Was kostet ein Jobrad für die Firma?
Das hängt vom gewählten Modell ab. Bei Gehaltsumwandlung praktisch nichts. Bei Gehaltsextra die monatliche Leasingrate, typischerweise zwischen 50 und 120 Euro pro Monat und Mitarbeiter, abzüglich der Steuerersparnis durch den Betriebsausgabenabzug.
Was kostet Fahrradleasing beim Arbeitgeber?
Die Leasingrate richtet sich nach dem Wert des Rads und der Laufzeit. Bei einem E-Bike mit 3.000 Euro Listenpreis und 36 Monaten Laufzeit liegt die monatliche Rate typischerweise zwischen 70 und 100 Euro. Als Betriebsausgabe ist sie vollständig abzugsfähig.
Welche Vorteile hat Jobrad für den Arbeitnehmer?
Beim Gehaltsextra zahlt der Mitarbeiter gar nichts und bekommt ein Rad komplett kostenfrei. Bei Gehaltsumwandlung spart er rund 40 Prozent gegenüber dem Direktkauf, weil die Rate aus dem Bruttogehalt finanziert wird und der geldwerte Vorteil nur 0,25 Prozent des Listenpreises beträgt. Dazu kommt der Wegfall der 0,03-Prozent-Regelung für Pendelfahrten.
Welche Nachteile hat Fahrradleasing?
Bei Gehaltsumwandlung sinkt das Bruttogehalt, was sich auf Sozialversicherungsansprüche wie Rente oder Krankengeld auswirken kann. Der Kauf nach Leasingende ist teurer als viele erwarten, weil das Finanzamt 40 Prozent des Listenpreises als Restwert ansetzt. Und S-Pedelecs über 25 km/h fallen komplett aus der Steuerbegünstigung heraus.

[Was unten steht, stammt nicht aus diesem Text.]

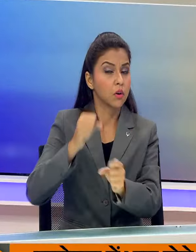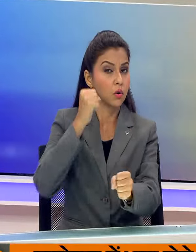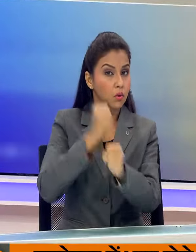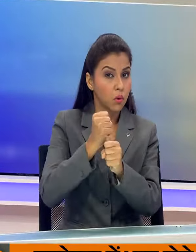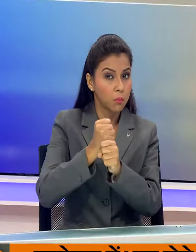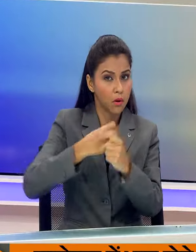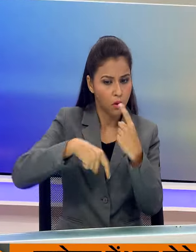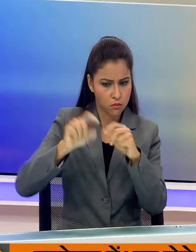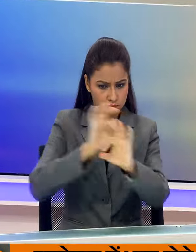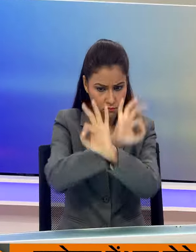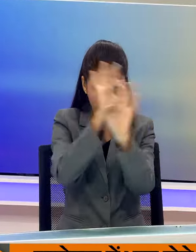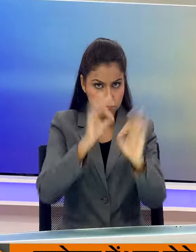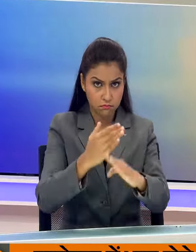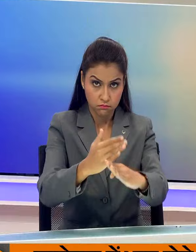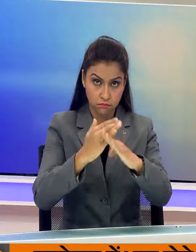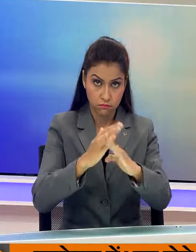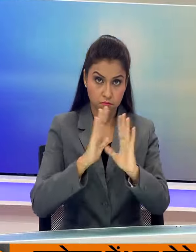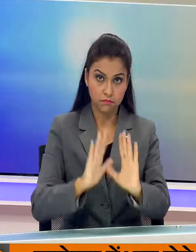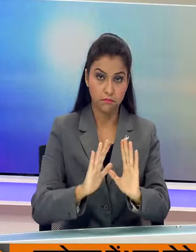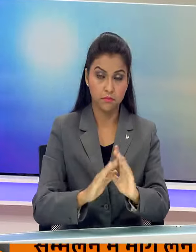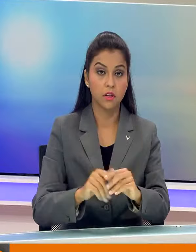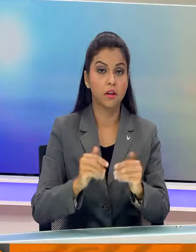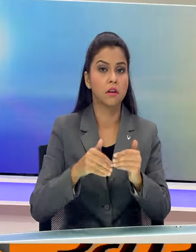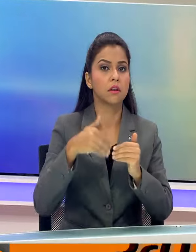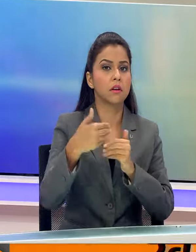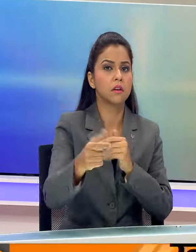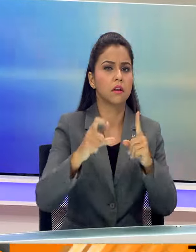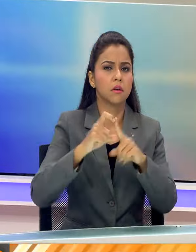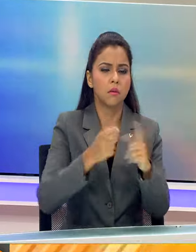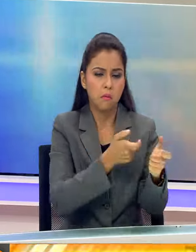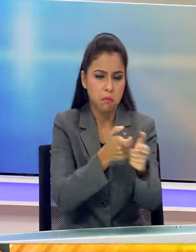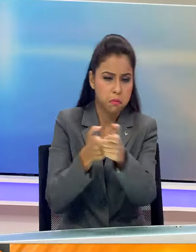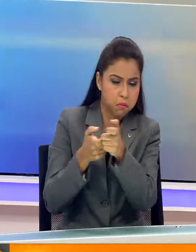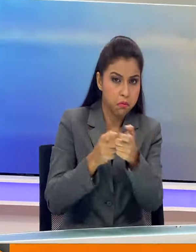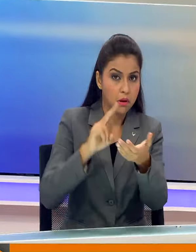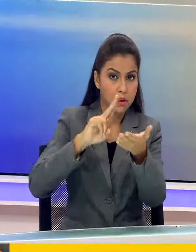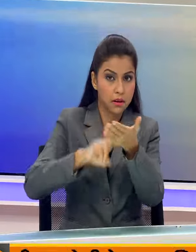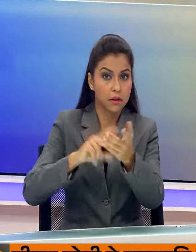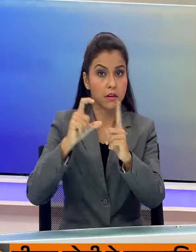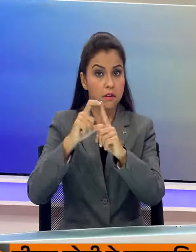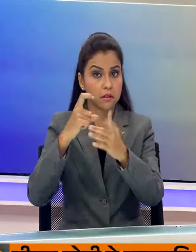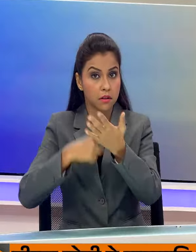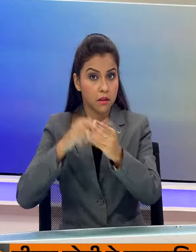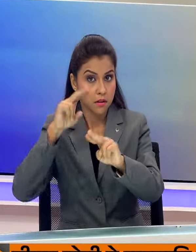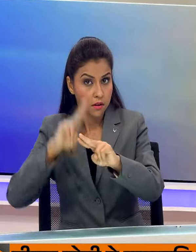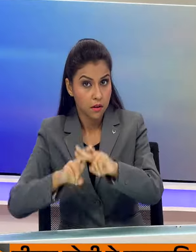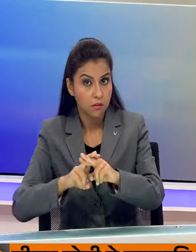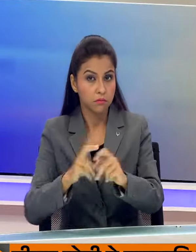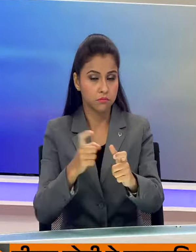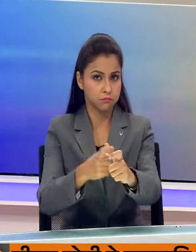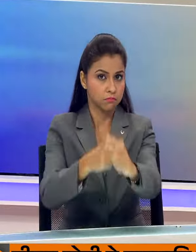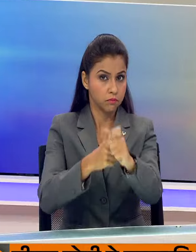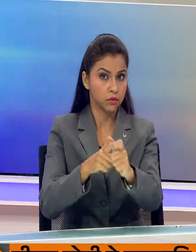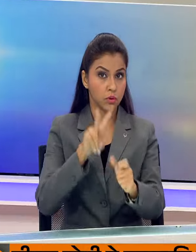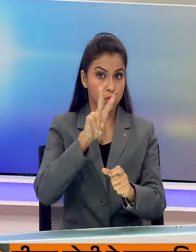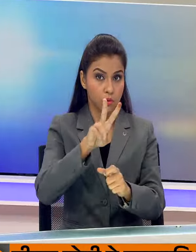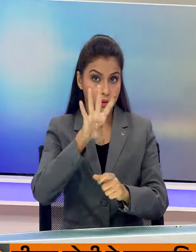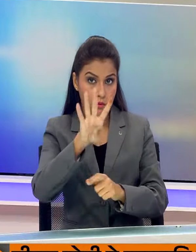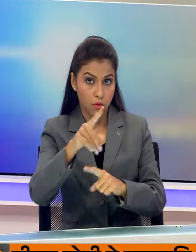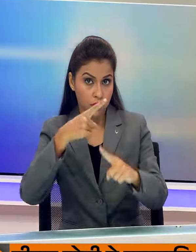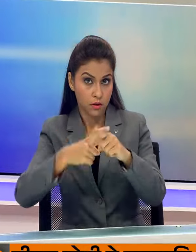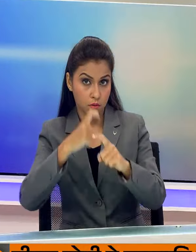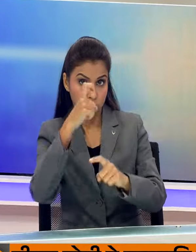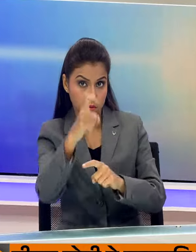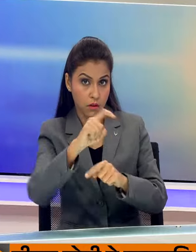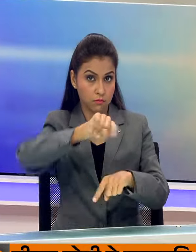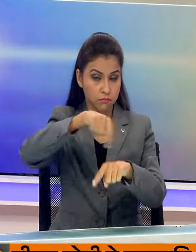सभी तैयारिय कर ली है अगनीशमन सेवा और NDRF की कर्मियों को तेनात कर दिया गया है और चौबीस घंटे

Welche Zuschüsse kann man vom Arbeitgeber beim Jobrad bekommen?
Monatlicher Zuschuss zur Leasingrate, Übernahme der Vollkaskoversicherung, Übernahme von Servicepaketen für Wartung und Reparatur sowie zusätzlich bis zu 50 Euro monatlichem Sachbezug für Zubehör wie Helm oder Schloss. All das ist beim Gehaltsextra-Modell steuerfrei.
Ist das Jobrad ein geldwerter Vorteil?
Beim Gehaltsextra-Modell nicht. Die Überlassung ist nach § 3 Nr. 37 EStG vollständig steuerfrei, es entsteht kein geldwerter Vorteil. Bei Gehaltsumwandlung entsteht ein geldwerter Vorteil, der aber günstig bewertet wird: 0,25 Prozent des Listenpreises pro Monat, also bei einem 3.000-Euro-Rad nur 7 Euro monatlich.